As medidas de estímulo ao consumo do governo anunciadas nos últimos 30 dias têm como foco os trabalhadores da classe média com carteira assinada e, portanto, com direitos e deveres regidos pela CLT (Consolidação das Leis do Trabalho). No entanto, nos últimos anos, o Brasil viveu um forte crescimento de profissionais autônomos, pessoas que trabalham por conta própria e, também, informais.

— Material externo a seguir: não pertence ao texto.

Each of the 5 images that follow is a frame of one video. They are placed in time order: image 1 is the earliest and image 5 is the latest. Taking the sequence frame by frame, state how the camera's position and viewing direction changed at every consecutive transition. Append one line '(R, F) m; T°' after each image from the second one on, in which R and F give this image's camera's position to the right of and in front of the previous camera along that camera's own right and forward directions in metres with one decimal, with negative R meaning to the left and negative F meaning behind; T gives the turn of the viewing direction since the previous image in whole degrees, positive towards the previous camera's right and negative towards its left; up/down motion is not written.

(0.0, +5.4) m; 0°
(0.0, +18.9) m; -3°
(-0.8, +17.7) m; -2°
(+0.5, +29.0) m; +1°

Nesse cenário, especialistas alertam que o presidente Lula pode ser um problema para converter em votos o pacote de bondades que o governo vai implementar até as eleições de 2026.
Somente no último mês, três medidas anunciadas pelo governo prometem beneficiar 70 milhões de brasileiros e devem movimentar R$ 123 bilhões este ano e em 2026. Nessa lista estão a isenção do Imposto de Renda para quem ganha até R$ 5 mil por mês, o consignado privado (linha de crédito para trabalhadores com carteira assinada a um custo menor e desconto em folha) e a liberação do saldo remanescente do FGTS para quem optou pelo saque aniversário e foi demitido entre janeiro de 2020 e fevereiro deste ano.

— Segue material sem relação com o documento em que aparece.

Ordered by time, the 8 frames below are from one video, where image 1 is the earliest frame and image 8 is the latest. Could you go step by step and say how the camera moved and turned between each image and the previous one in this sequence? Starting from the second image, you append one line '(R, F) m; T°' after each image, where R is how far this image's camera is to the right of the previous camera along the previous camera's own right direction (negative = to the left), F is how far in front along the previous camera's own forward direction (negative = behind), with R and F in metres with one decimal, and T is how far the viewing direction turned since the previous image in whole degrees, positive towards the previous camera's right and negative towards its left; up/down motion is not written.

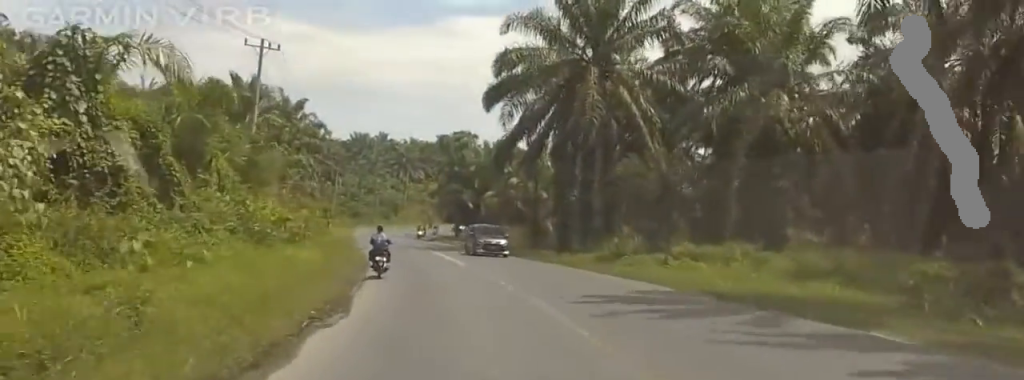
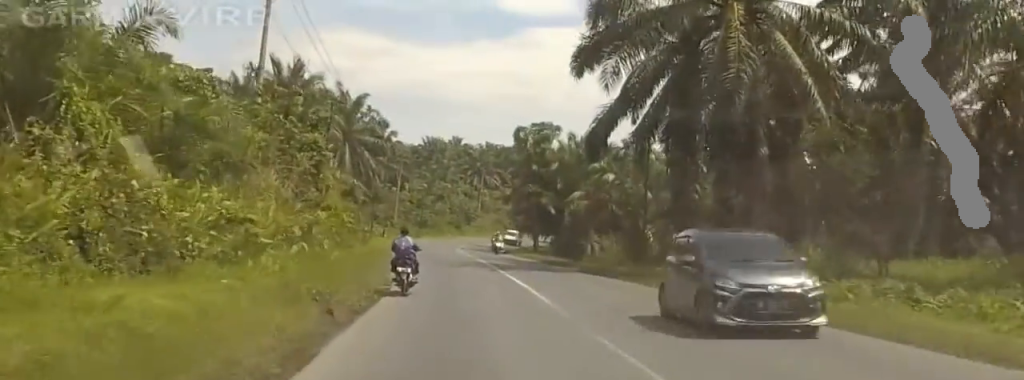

Considerado um dos maiores especialistas em consumo do país e em opinião pública, o presidente do Instituto Locomotiva, Renato Meirelles, destaca que todas as ações são para o mercado formal de trabalho. “O presidente Lula só irá reverter a baixa popularidade se crescer a sua avaliação entre os informais e empreendedores, porque esses muitos e são os menos protegidos”, afirma o pesquisador.
Segundo dados oficiais do IBGE, no final do ano passado, os trabalhadores por conta própria representavam 25% da população no mercado de trabalho, incluídas as pessoas que exploram o seu próprio trabalho, sozinhas ou com sócio, mas sem empregados. Se for considerada a taxa de informalidade geral, que computa as pessoas que não têm vínculo empregatício formal, o percentual é de 38,6%.
“Essas pessoas não são atingidas pelas novas medidas do governo, não estão sob a proteção dos programas sociais e não têm poupança”, destaca Meirelles. “Há uma mudança no mercado de trabalho, muitas pessoas são empresárias de si mesmas e a falta de perspectiva de um futuro melhor pesa muito na hora de avaliar o governo”, explica o economista André Perfeito.
Seja por vocação para empreender ou por necessidade, esses trabalhadores estão no mercado e, com a conjuntura atual de alta da inflação, elevação da taxa de juros e reversão do crescimento, eles se sentem afetados no bolso, na mesa, na conta bancária, e ficam assustados em relação ao futuro, aumentando a insatisfação com o governo.
Meirelles reconhece que as medidas anunciadas até aqui podem ajudar o presidente Lula a reverter parte da avaliação negativa, mas chama atenção para o fato de a inflação elevada corroer parte dos ganhos. Destaca também que o governo precisa entender que todas as pesquisas mostram que o grande sonho do brasileiro é empreender. Até mesmo entre os beneficiados pela CLT, metade dos trabalhadores diz que gostaria de empreender. “O governo não está olhando para esse público”, diz especialista.